** TASK TO CARRY OUT **
Within the listing below, the lines to output run from the one containing "Q: Is the text underlined? A: No." through the one containing "Q: x-height? A: Medium."; copy them exactly and nothing else.

** TASK INPUT **

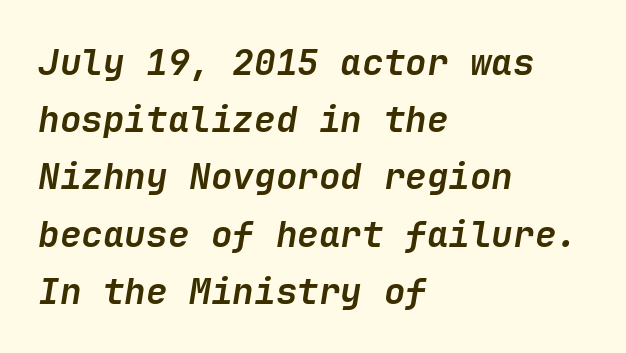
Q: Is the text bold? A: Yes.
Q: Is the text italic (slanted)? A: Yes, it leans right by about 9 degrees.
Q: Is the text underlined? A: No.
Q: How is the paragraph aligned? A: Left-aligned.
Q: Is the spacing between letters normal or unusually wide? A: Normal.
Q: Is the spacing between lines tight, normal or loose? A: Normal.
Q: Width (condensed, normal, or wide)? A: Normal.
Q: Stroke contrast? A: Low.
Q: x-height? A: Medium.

---

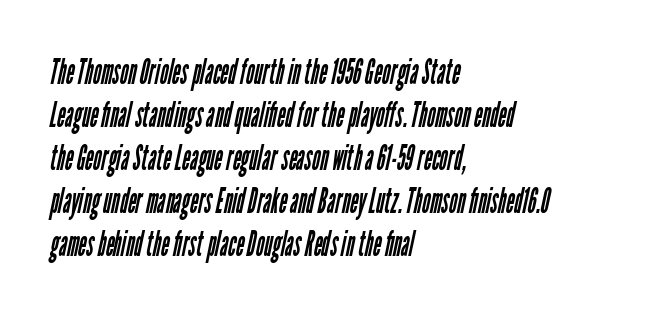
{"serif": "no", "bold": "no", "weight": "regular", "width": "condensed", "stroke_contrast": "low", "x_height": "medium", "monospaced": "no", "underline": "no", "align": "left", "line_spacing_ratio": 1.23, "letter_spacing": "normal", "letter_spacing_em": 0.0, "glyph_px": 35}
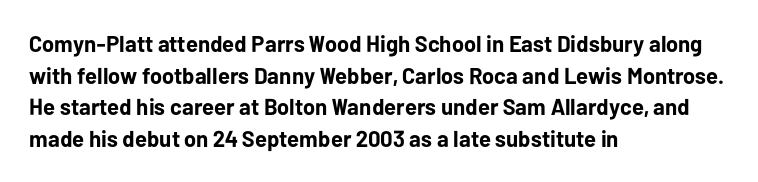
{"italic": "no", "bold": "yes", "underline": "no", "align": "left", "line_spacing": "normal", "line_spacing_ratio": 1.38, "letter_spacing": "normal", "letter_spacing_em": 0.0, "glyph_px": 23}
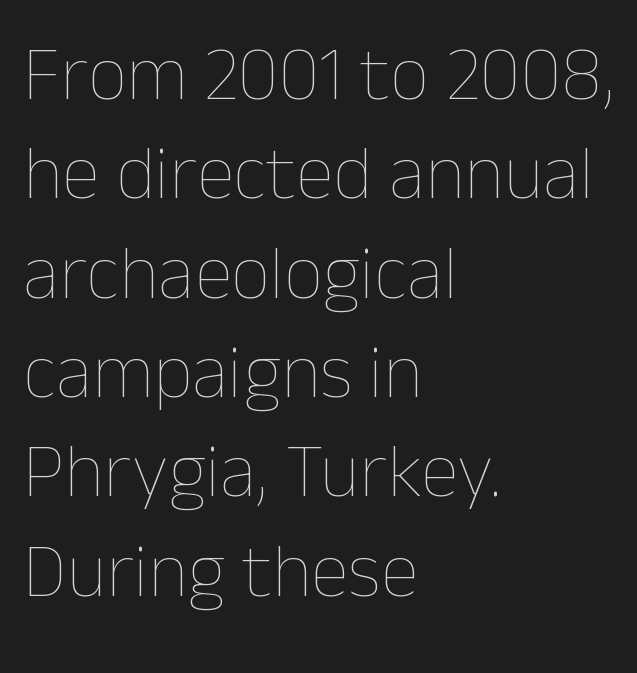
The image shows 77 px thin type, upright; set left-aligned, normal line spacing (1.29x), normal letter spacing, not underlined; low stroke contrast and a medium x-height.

** SOLUTION FOR THIS TASK **
Q: Is the text underlined? A: No.
Q: How is the paragraph aligned? A: Left-aligned.
Q: Is the spacing between letters normal or unusually wide? A: Normal.
Q: Is the spacing between lines tight, normal or loose? A: Normal.
Q: Width (condensed, normal, or wide)? A: Normal.
Q: Stroke contrast? A: Low.
Q: x-height? A: Medium.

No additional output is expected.